Truth: Sometimes this is true.  In cases in which the immune response is overly vigorous and plays a role in causing Acute Respiratory Distress Syndrome (ARDS) or other immune reactions such as those of a severe COVID-19 infection course that may lead death, however, the natural immune response is clearly not superior.  Vaccination does not prevent a natural infection with COVID-19, it causes the immune response to be more efficient should a natural infection occur.

Myth:  COVID-19 vaccine is made from the same protein as placental protein and will make me infertile

Truth: COVID-19 vaccine has no placental protein at all.

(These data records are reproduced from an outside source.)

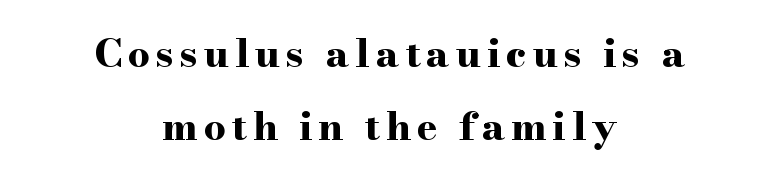
Q: Is the text bold? A: Yes.
Q: Is the text italic (slanted)? A: No, it is upright.
Q: Is the typeface a serif or a sans-serif typeface? A: Serif.
Q: Is the text underlined? A: No.
Q: How is the paragraph aligned? A: Centered.
Q: Width (condensed, normal, or wide)? A: Wide.
Q: Stroke contrast? A: High.
Q: x-height? A: Small.
Q: Monospaced? A: No.
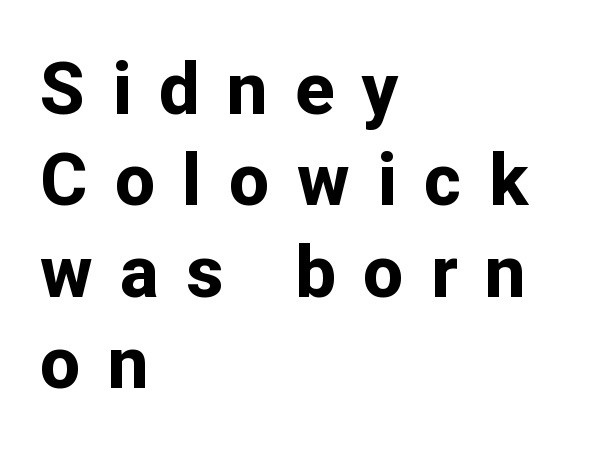
Q: Is the text bold? A: Yes.
Q: Is the text italic (slanted)? A: No, it is upright.
Q: Is the typeface a serif or a sans-serif typeface? A: Sans-serif.
Q: Is the text underlined? A: No.
Q: How is the paragraph aligned? A: Left-aligned.
Q: Is the spacing between letters normal or unusually wide? A: Unusually wide.
Q: Is the spacing between lines tight, normal or loose? A: Normal.
Q: Width (condensed, normal, or wide)? A: Normal.
Q: Stroke contrast? A: Low.
Q: x-height? A: Medium.
Q: Monospaced? A: No.
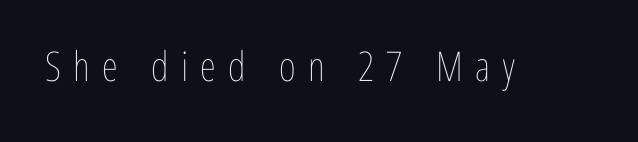
The space directly below the letters is spotless. This is roman type, the default non-slanted kind. Substantial extra tracking has been applied to these lines. Each letter keeps its own natural width here, so spacing adapts to shape. The letters look calm and open, with moderate or lighter stems.
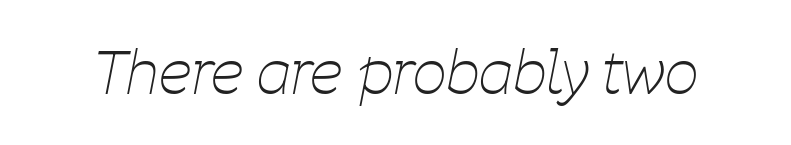
Q: Is the text bold? A: No.
Q: Is the text italic (slanted)? A: Yes, it leans right by about 11 degrees.
Q: Is the text underlined? A: No.
Q: Is the spacing between letters normal or unusually wide? A: Normal.
Q: Width (condensed, normal, or wide)? A: Condensed.
Q: Stroke contrast? A: Low.
Q: x-height? A: Medium.
Q: Monospaced? A: No.
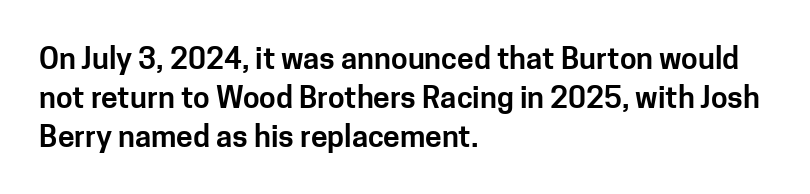
{"serif": "no", "italic": "no", "width": "normal", "stroke_contrast": "low", "x_height": "medium", "monospaced": "no", "underline": "no", "align": "left", "line_spacing": "normal", "line_spacing_ratio": 1.3, "letter_spacing": "normal", "letter_spacing_em": 0.0, "glyph_px": 30}
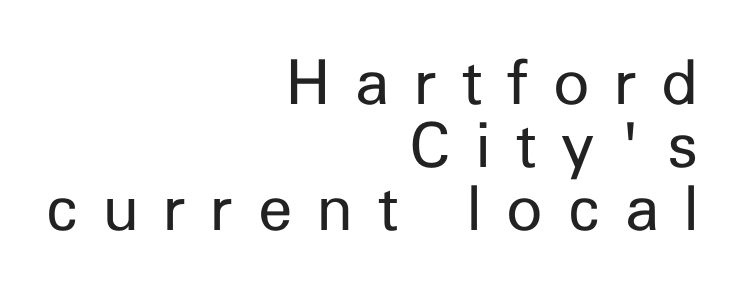
{"serif": "no", "italic": "no", "bold": "no", "weight": "regular", "width": "normal", "stroke_contrast": "low", "x_height": "medium", "monospaced": "no", "underline": "no", "align": "right", "line_spacing": "tight", "line_spacing_ratio": 1.02, "letter_spacing": "wide", "letter_spacing_em": 0.4, "glyph_px": 62}
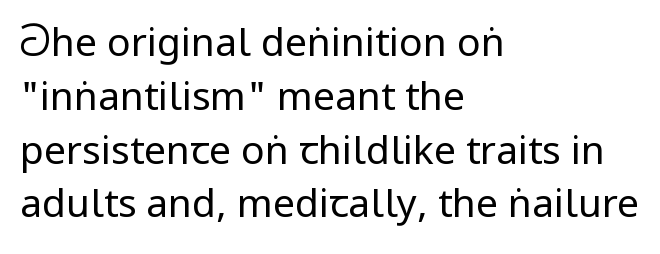
The image shows 39 px regular-weight, condensed sans-serif type, upright; set left-aligned, normal line spacing (1.38x), normal letter spacing, not underlined; low stroke contrast and a large x-height.
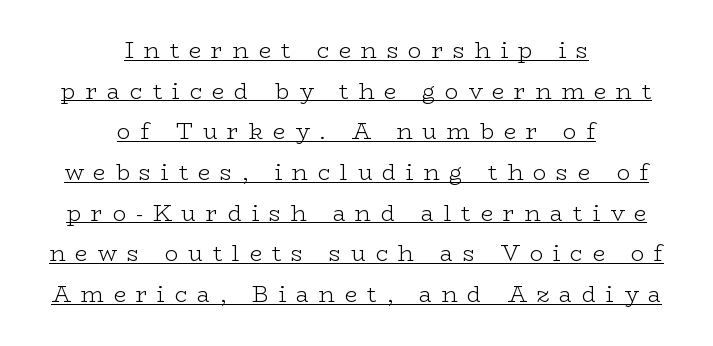
A roman cut, with each character standing at attention. The passage shown is not bold in any degree. Glyph-to-glyph distance is far greater than everyday printed text. Glance below the letters and you will spot a drawn line. Every row of glyphs is offset so its center matches the block's center.
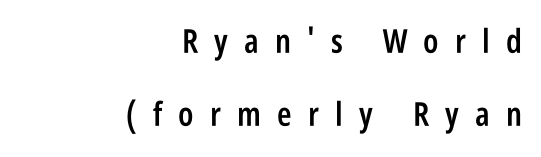
The image shows 33 px semibold, condensed sans-serif type, upright; set right-aligned, loose line spacing (2.2x), unusually wide letter spacing (+0.49 em), not underlined; low stroke contrast and a large x-height.
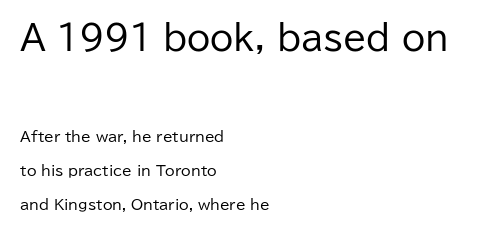
The typesetting does not lean heavy: it is not bold. Descender tails drop into unmarked territory. The space between consecutive lines is lavish. The earlier block is typeset at a bigger size than the later block. Line beginnings align vertically; line endings do not.
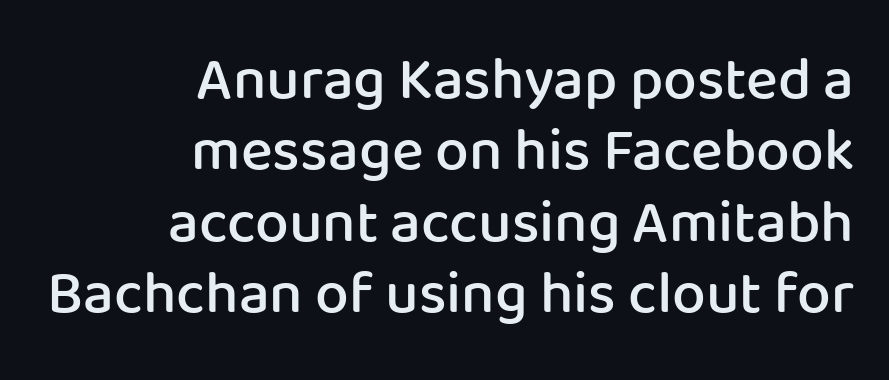
{"serif": "no", "italic": "no", "bold": "semi", "weight": "semibold", "width": "normal", "stroke_contrast": "low", "x_height": "medium", "monospaced": "no", "underline": "no", "align": "right", "line_spacing_ratio": 1.19, "letter_spacing": "normal", "letter_spacing_em": 0.0, "glyph_px": 60}
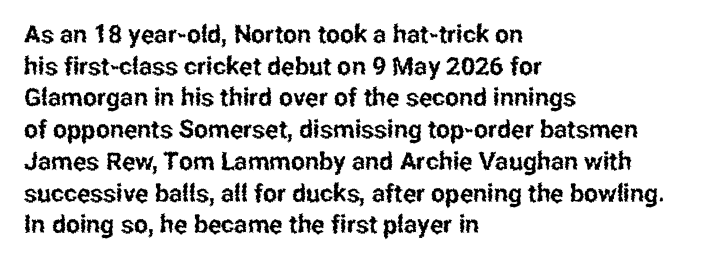
The rows are spaced the way most documents space them. No extra tracking has been applied to these lines. Which margin do the lines hug? The left one — the right edge is uneven. The gap between lines stays unmarked. If you drew a line through each stem, it would be perfectly vertical.
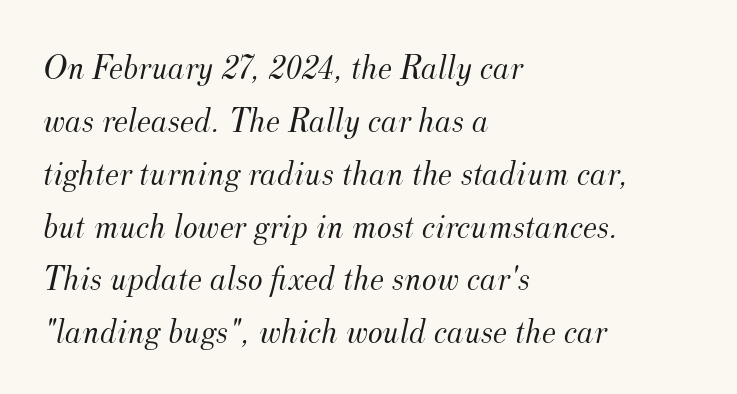
{"serif": "yes", "italic": "yes", "lean": "right", "slant_degrees": 12, "bold": "no", "weight": "light", "width": "normal", "stroke_contrast": "medium", "x_height": "small", "monospaced": "no", "underline": "no", "align": "left", "line_spacing": "normal", "line_spacing_ratio": 1.51, "letter_spacing": "normal", "letter_spacing_em": 0.0, "glyph_px": 35}
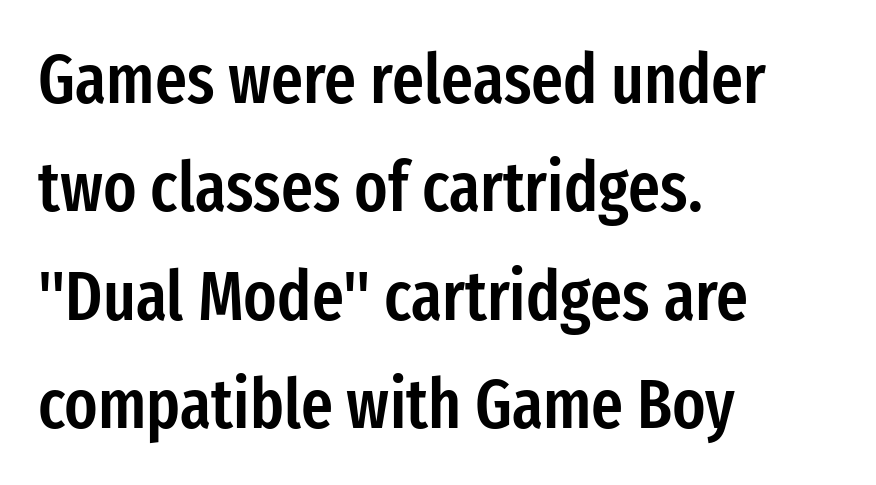
{"serif": "no", "italic": "no", "bold": "semi", "weight": "semibold", "width": "condensed", "stroke_contrast": "low", "x_height": "medium", "monospaced": "no", "underline": "no", "align": "left", "line_spacing": "normal", "line_spacing_ratio": 1.57, "letter_spacing": "normal", "letter_spacing_em": 0.0, "glyph_px": 69}
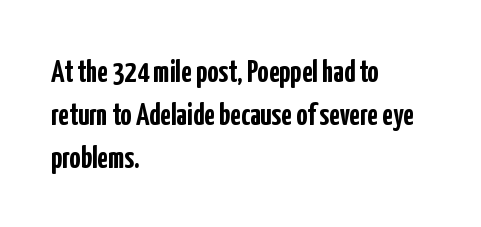
Q: Is the text bold? A: Yes.
Q: Is the text italic (slanted)? A: No, it is upright.
Q: Is the typeface a serif or a sans-serif typeface? A: Sans-serif.
Q: Is the text underlined? A: No.
Q: How is the paragraph aligned? A: Left-aligned.
Q: Is the spacing between letters normal or unusually wide? A: Normal.
Q: Is the spacing between lines tight, normal or loose? A: Normal.
Q: Width (condensed, normal, or wide)? A: Condensed.
Q: Stroke contrast? A: Low.
Q: x-height? A: Medium.
Q: Monospaced? A: No.
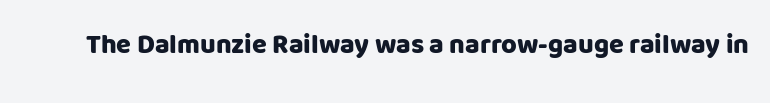
{"italic": "no", "bold": "yes", "underline": "no", "letter_spacing": "normal", "letter_spacing_em": 0.0, "glyph_px": 27}
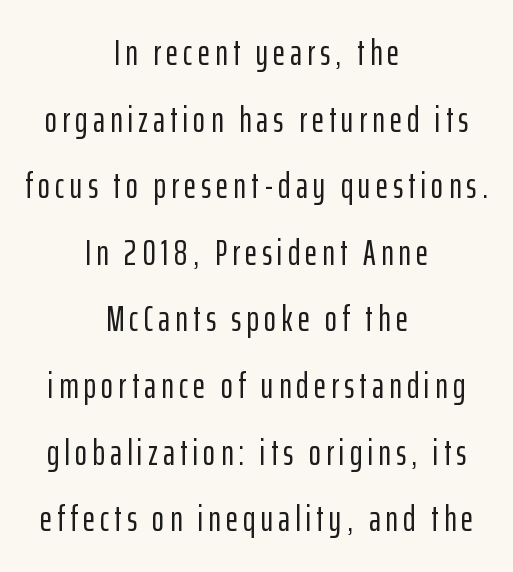
The glyphs are unaccompanied by any horizontal stroke below them. The type sits square on the baseline with zero lean. Font category for this specimen: sans-serif. Do the characters align in a grid? No, the font is proportional. The rendering positions every line midway between the sides.
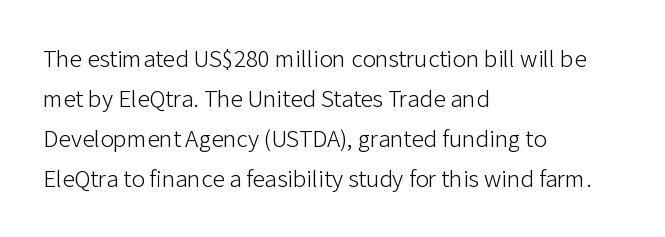
{"italic": "no", "bold": "no", "underline": "no", "align": "left", "line_spacing": "normal", "line_spacing_ratio": 1.6, "letter_spacing": "normal", "letter_spacing_em": 0.0, "glyph_px": 25}
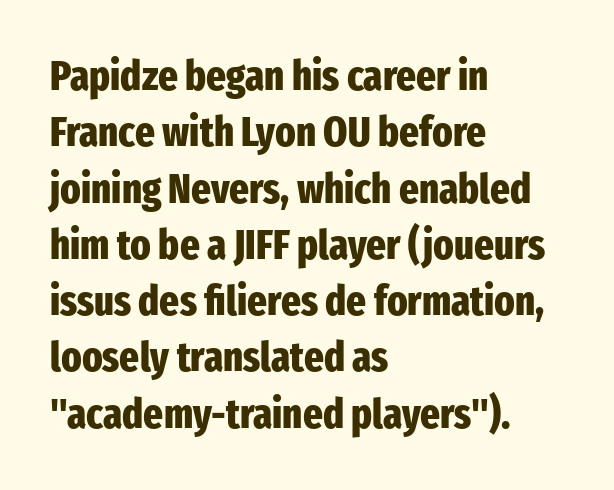
Each glyph is drawn with heavy, bold strokes. The line-height multiplier appears to be the usual default. You can tell it's not italic because the verticals are truly vertical. These lines are rendered in a variable-pitch font. Between one letter and the next there's only the usual sliver of space.
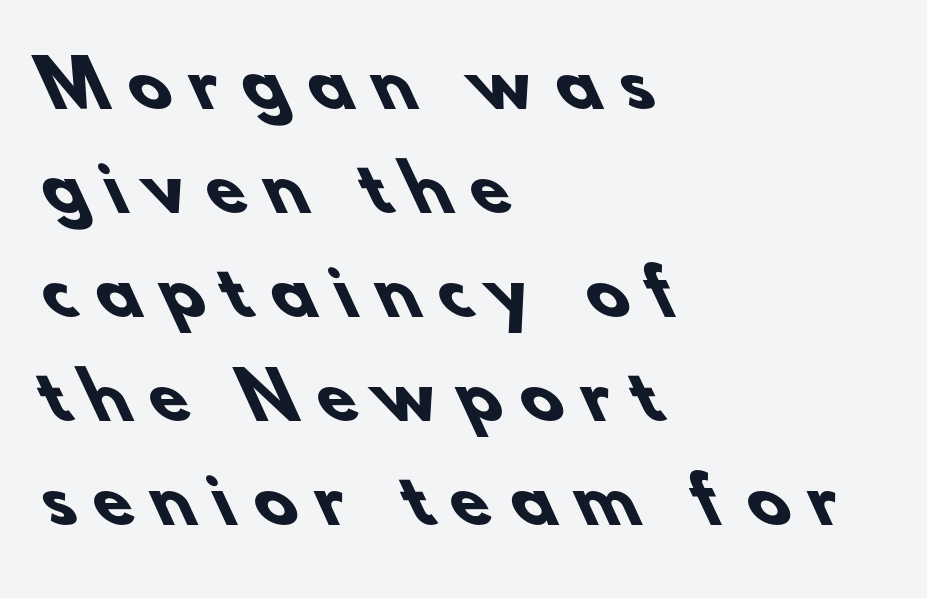
Nope, no serifs anywhere on these letters. Layout note: lines flush left. The letters advance in unequal steps, a hallmark of proportional type. Compared with an ordinary text face, these strokes are far heavier — a full bold.
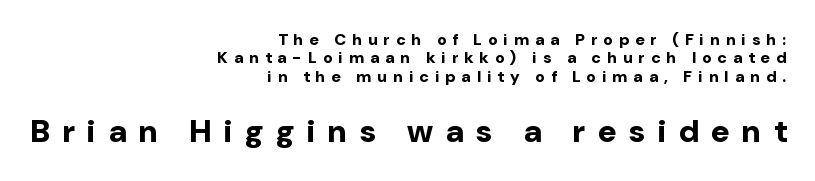
The image shows 32 px bold sans-serif type, upright; set right-aligned, tight line spacing (1.15x), unusually wide letter spacing (+0.39 em), not underlined; the second (bottom) block is 2.0x larger; low stroke contrast and a medium x-height.
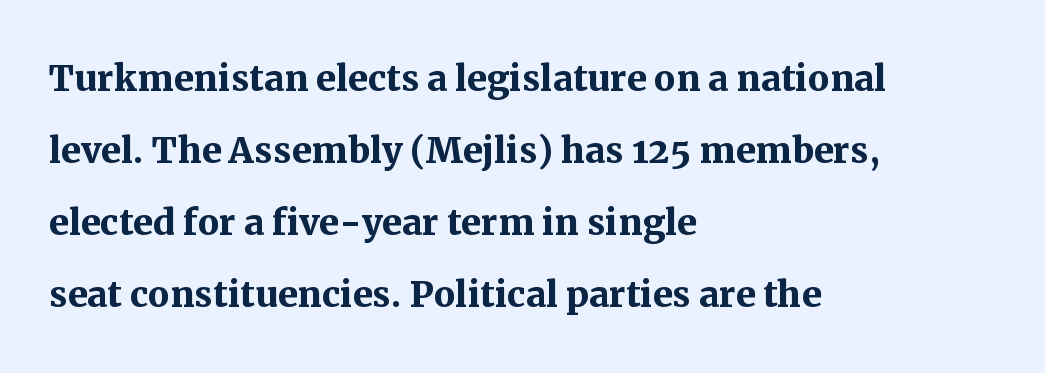
{"serif": "yes", "italic": "no", "bold": "yes", "weight": "semibold", "width": "normal", "stroke_contrast": "medium", "x_height": "medium", "monospaced": "no", "underline": "no", "align": "left", "line_spacing": "normal", "line_spacing_ratio": 1.5, "letter_spacing": "normal", "letter_spacing_em": 0.0, "glyph_px": 48}
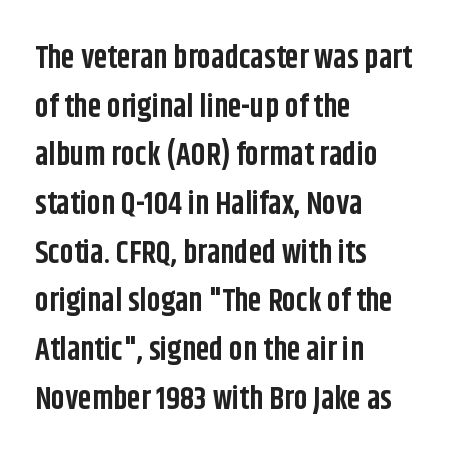
Q: Is the text bold? A: Yes.
Q: Is the text italic (slanted)? A: No, it is upright.
Q: Is the typeface a serif or a sans-serif typeface? A: Sans-serif.
Q: Is the text underlined? A: No.
Q: How is the paragraph aligned? A: Left-aligned.
Q: Is the spacing between letters normal or unusually wide? A: Normal.
Q: Is the spacing between lines tight, normal or loose? A: Normal.
Q: Width (condensed, normal, or wide)? A: Condensed.
Q: Stroke contrast? A: Low.
Q: x-height? A: Large.
Q: Monospaced? A: No.
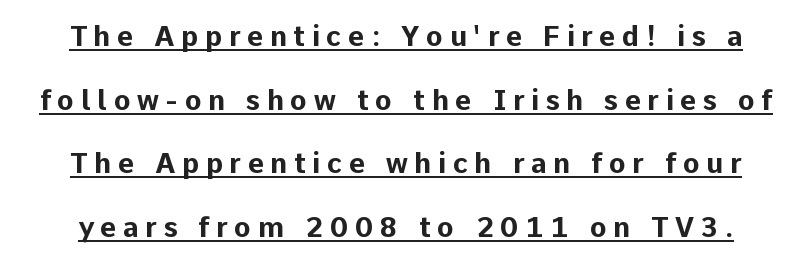
{"serif": "no", "italic": "no", "bold": "yes", "weight": "bold", "width": "normal", "stroke_contrast": "low", "x_height": "medium", "monospaced": "no", "underline": "yes", "line_spacing": "loose", "line_spacing_ratio": 2.27, "letter_spacing": "wide", "letter_spacing_em": 0.23, "glyph_px": 28}

The ingredients of both vaccines are listed on the FDA website.  Both contain the messenger ribonucleic acid (mRNA) that encodes for the SARS-CoV-2 Corona spike, some lipids to house the fragile mRNA and stabilize the nanoparticle structure, some salts to maintain the pH and charge of the lipids, and a sugar, sucrose.

Myth:  The COVID-19 vaccine does not work

Truth: The vaccines are considered 95% effective.  Most importantly, no participants in the course of the Pfizer-BioNTech and Moderna studies that contracted COVID-19 died.  Better still, the majority did not have significant infection either.

Myth:  The COVID-19 vaccine will lead to cancer in 10-20 years

Truth: The reality is that we do not have safety data that extends beyond several months.  However, there is currently no proposed realistic mechanism whereby the COVID-19 vaccine causes cancer.

Myth:  The COVID-19 vaccine has dead pig cells.

Truth:   There are no dead pig cells.  Just mRNA, a lipid coat, some salts, and a sugar.

Myth: The COVID-19 vaccine will alter my genes

Truth: Our genes are made of DNA and the vaccine contains mRNA.  The contents of the mRNA were manufactured and are limited.  They do not contain any of the necessary and very complicated machinery for this to happen.  First, DNA is housed in the nucleus, away from mRNA in the cytoplasm of a cell.  Second, it would take a specific enzyme, known as a reverse transcriptase, to make DNA from mRNA. This is not present in human cells, the Coronavirus, or in the vaccine.  Finally, mRNA from the vaccine and even our own cells has a very short half-life, and is degraded or destroyed in hours.

There is some research (https://www.biorxiv.org/content/10.1101/2020.12.12.422516v1.full) that suggests if a person is infected with one of the few viruses that contain a reverse transcriptase at the time of vaccination, there may be integration of the COVID-19 sequence.  However, to date this has not been shown to be an issue nor are the implications clear.  With regard to HIV, the CDC has giving guidance that persons with weakened immune systems might have an increased risk of severe COVID-19 infection but concedes that while “People living with HIV were included in clinical trials, though safety data specific to this group are not yet available at this time (https://www.cdc.gov/coronavirus/2019-ncov/vaccines/recommendations/underlying-conditions.html).

Myth:  I can get COVID-19 and transmit the infection if I get vaccinated.

Truth: The complicated machinery of the virus that allows formation of complete COVID-19 viral particles and therefore allows infection are not included in the vaccine.  The mRNA encodes one protein and this protein is included to generate an effective immune response.  mRNA is very fragile and is quickly and easily degraded by cells.  This is not regarded as likely.